▸ **WORK TO BE COMPLETED**
Word for word, copy the records and drop the pictures.
------ GIVEN RECORDS ------
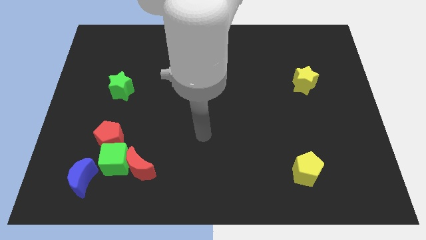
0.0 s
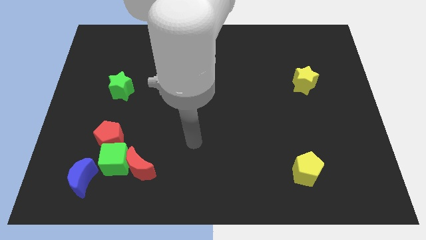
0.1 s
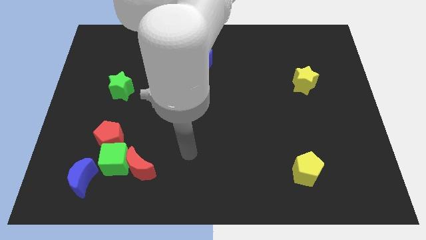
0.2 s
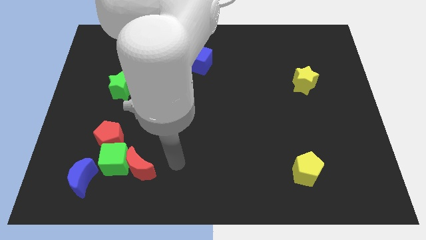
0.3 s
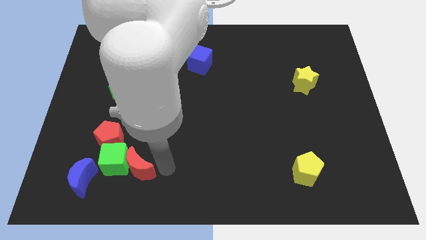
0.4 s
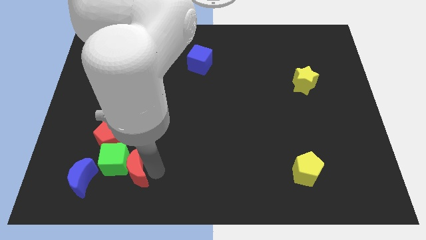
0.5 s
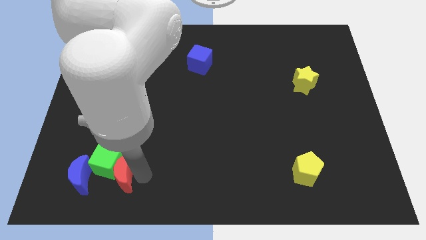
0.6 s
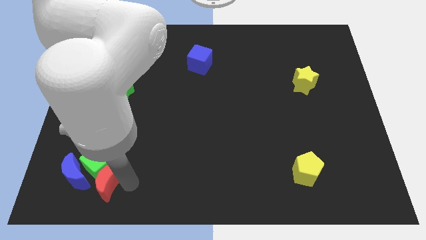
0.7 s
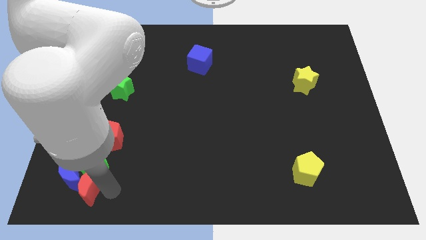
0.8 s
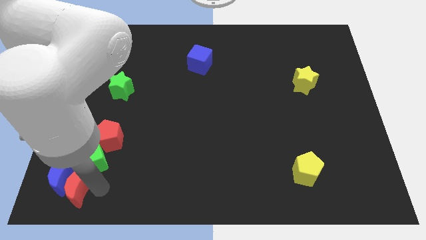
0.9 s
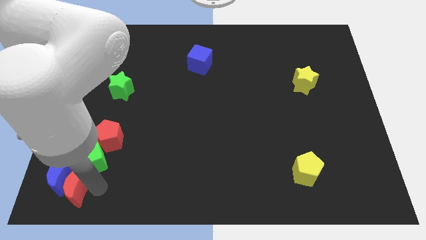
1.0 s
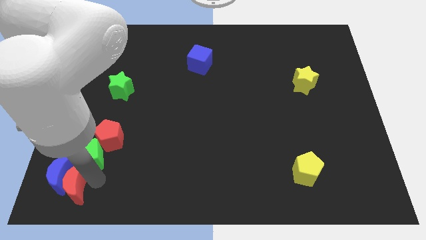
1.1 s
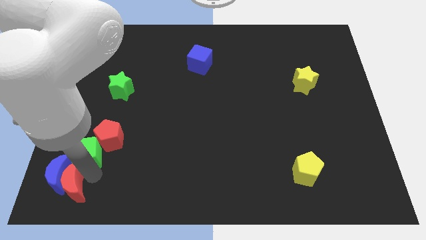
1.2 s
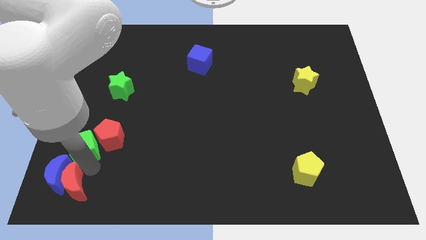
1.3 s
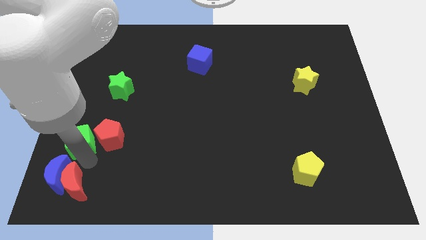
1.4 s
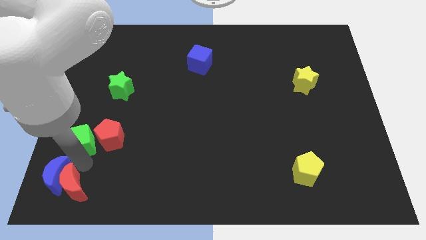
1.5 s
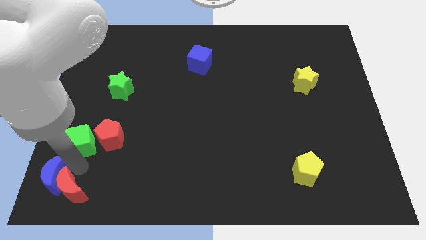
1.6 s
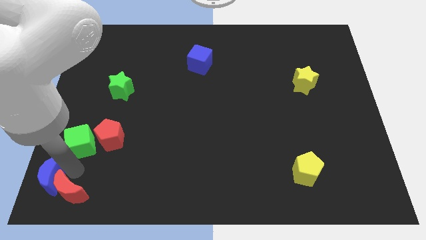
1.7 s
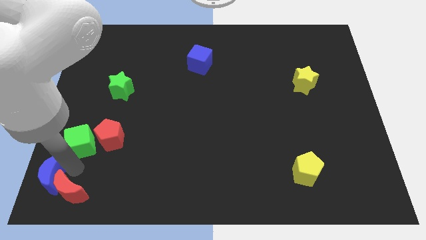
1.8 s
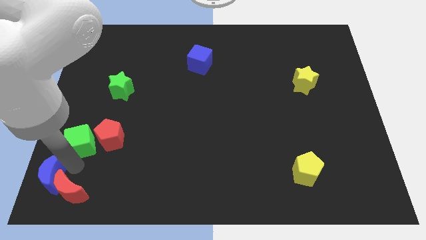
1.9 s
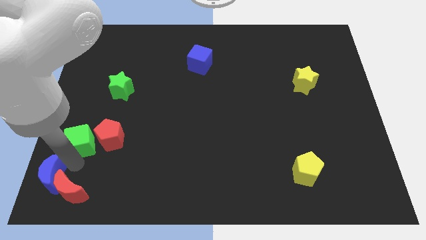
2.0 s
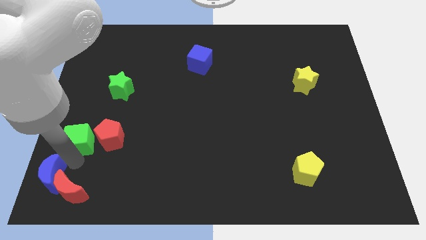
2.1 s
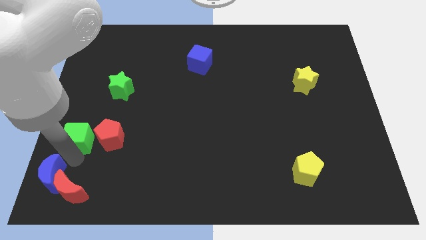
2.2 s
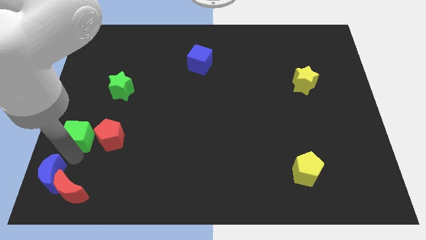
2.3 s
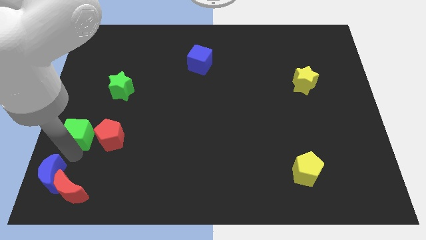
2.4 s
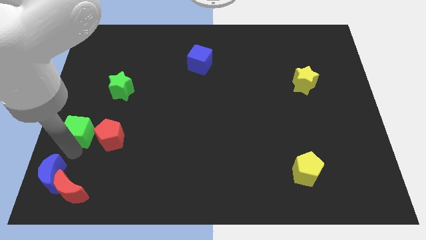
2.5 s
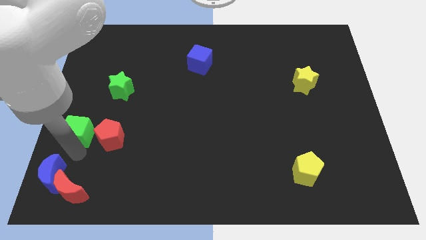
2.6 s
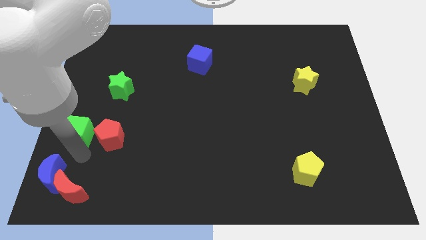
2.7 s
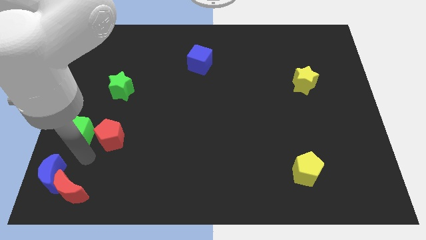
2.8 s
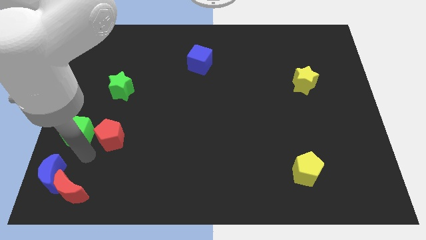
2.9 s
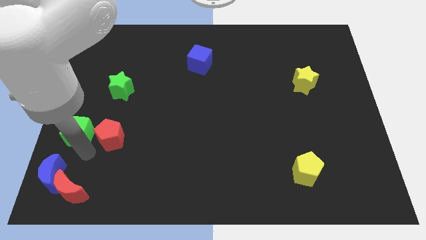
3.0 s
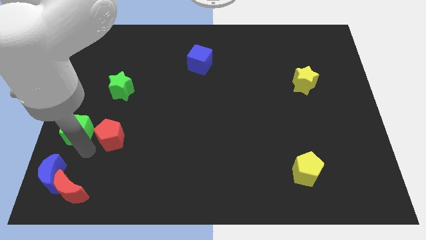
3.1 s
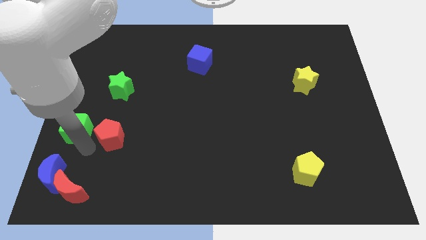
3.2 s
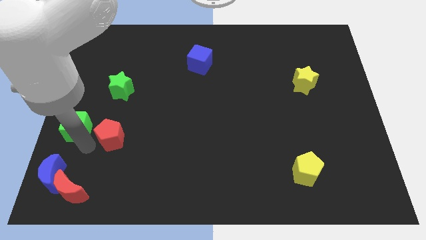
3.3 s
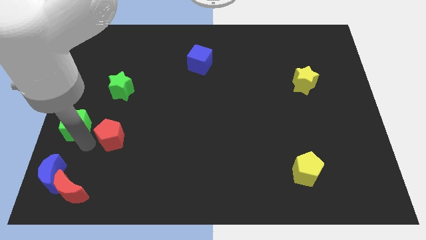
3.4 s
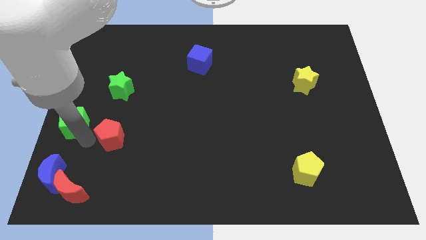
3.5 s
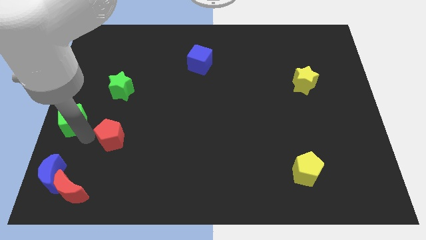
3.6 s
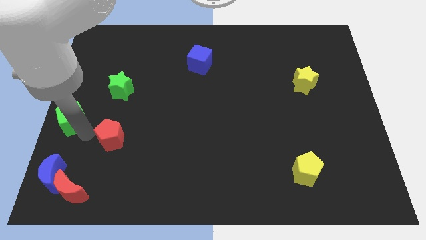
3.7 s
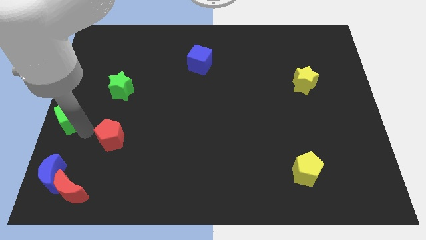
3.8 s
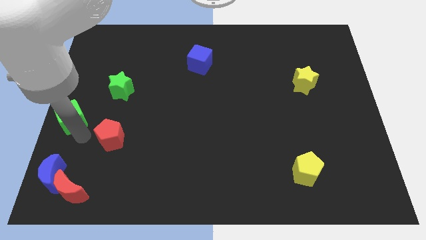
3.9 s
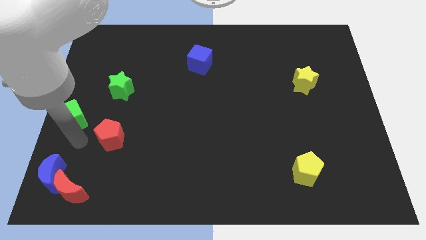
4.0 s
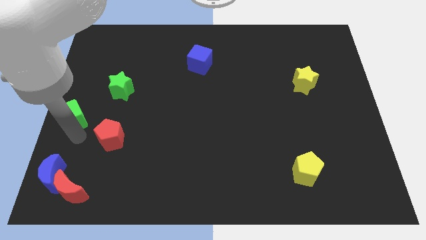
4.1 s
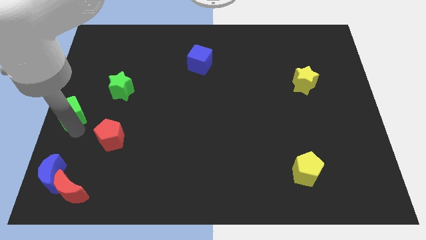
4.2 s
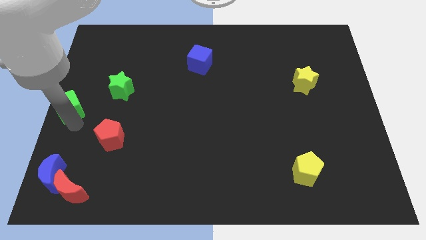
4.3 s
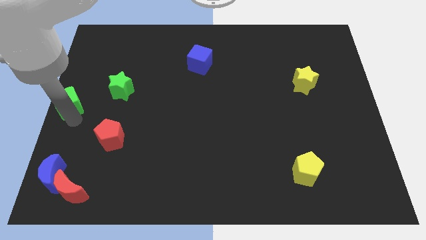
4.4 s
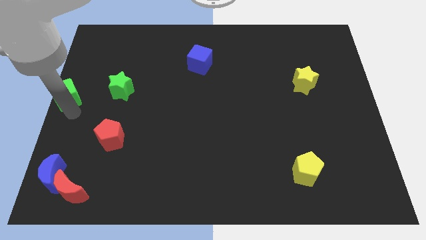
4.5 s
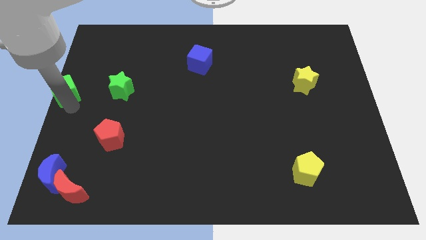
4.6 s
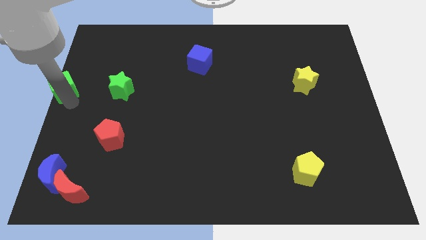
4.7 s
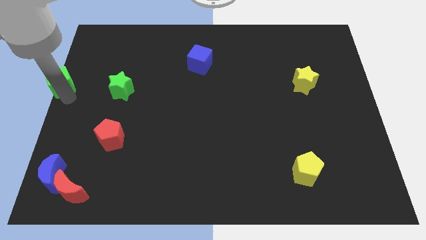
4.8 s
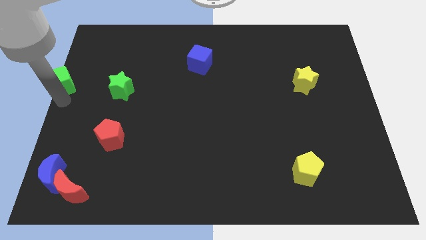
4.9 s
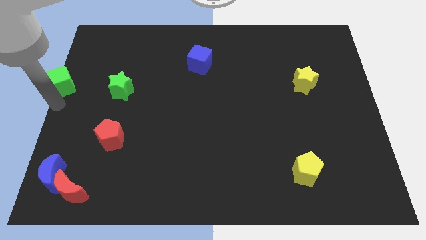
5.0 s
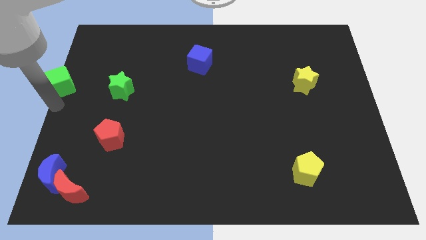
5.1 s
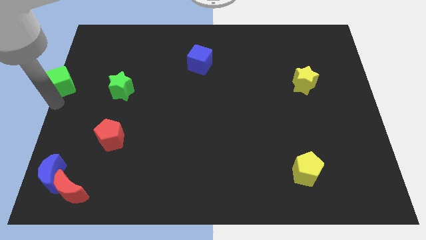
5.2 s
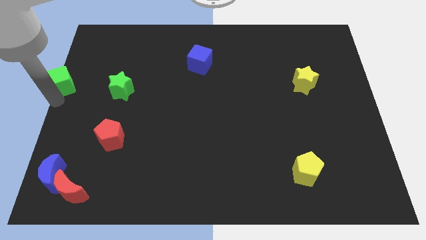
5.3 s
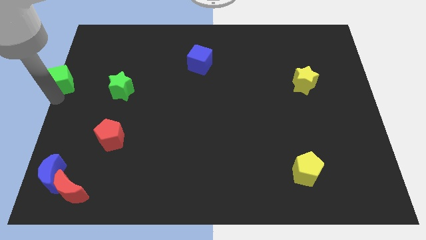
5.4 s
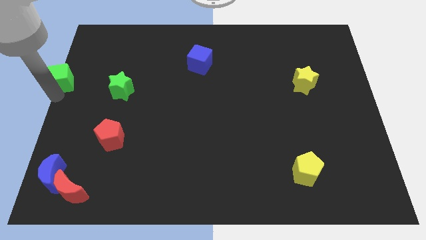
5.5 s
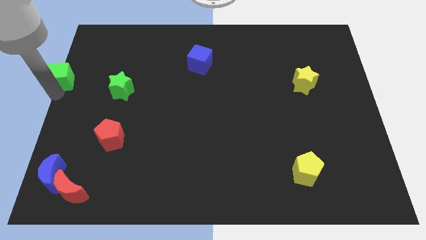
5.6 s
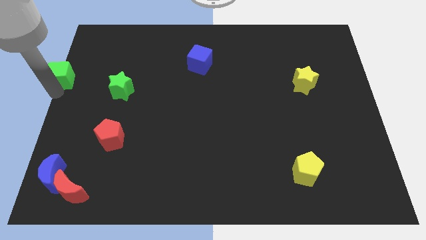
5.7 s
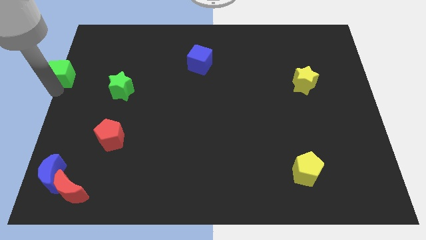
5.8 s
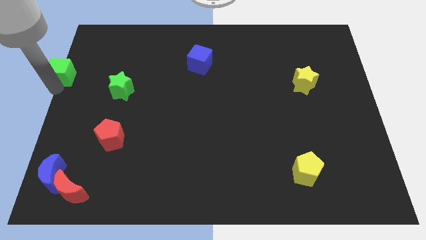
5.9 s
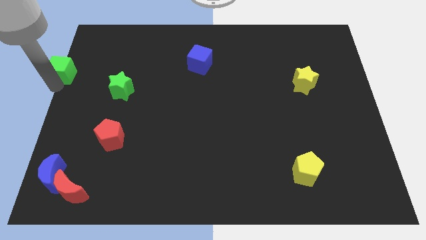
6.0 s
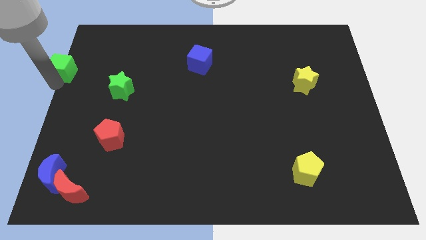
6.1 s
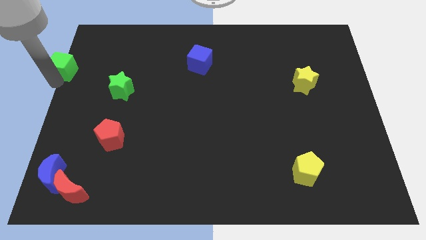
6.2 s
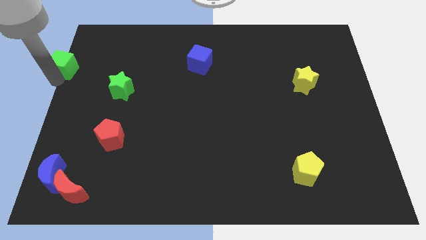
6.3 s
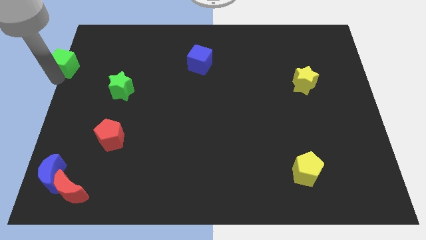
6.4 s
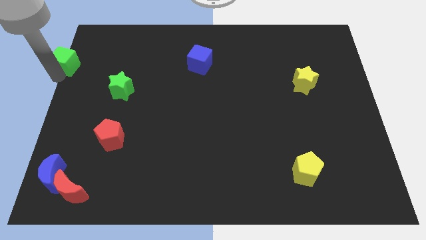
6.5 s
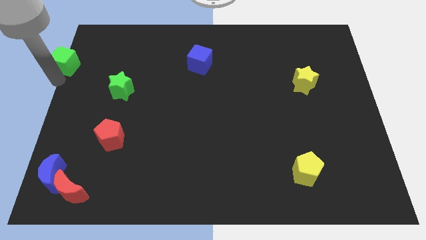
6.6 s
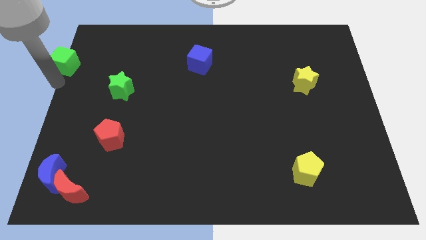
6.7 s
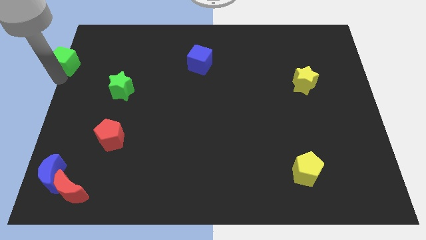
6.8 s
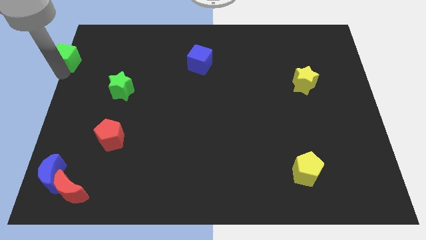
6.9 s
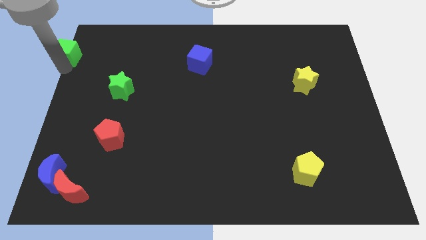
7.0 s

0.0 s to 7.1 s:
slide the green cube to the top left of the board
------
▸ **WRITTEN RESPONSE**
0.0 s
0.1 s
0.2 s
0.3 s
0.4 s
0.5 s
0.6 s
0.7 s
0.8 s
0.9 s
1.0 s
1.1 s
1.2 s
1.3 s
1.4 s
1.5 s
1.6 s
1.7 s
1.8 s
1.9 s
2.0 s
2.1 s
2.2 s
2.3 s
2.4 s
2.5 s
2.6 s
2.7 s
2.8 s
2.9 s
3.0 s
3.1 s
3.2 s
3.3 s
3.4 s
3.5 s
3.6 s
3.7 s
3.8 s
3.9 s
4.0 s
4.1 s
4.2 s
4.3 s
4.4 s
4.5 s
4.6 s
4.7 s
4.8 s
4.9 s
5.0 s
5.1 s
5.2 s
5.3 s
5.4 s
5.5 s
5.6 s
5.7 s
5.8 s
5.9 s
6.0 s
6.1 s
6.2 s
6.3 s
6.4 s
6.5 s
6.6 s
6.7 s
6.8 s
6.9 s
7.0 s

0.0 s to 7.1 s:
slide the green cube to the top left of the board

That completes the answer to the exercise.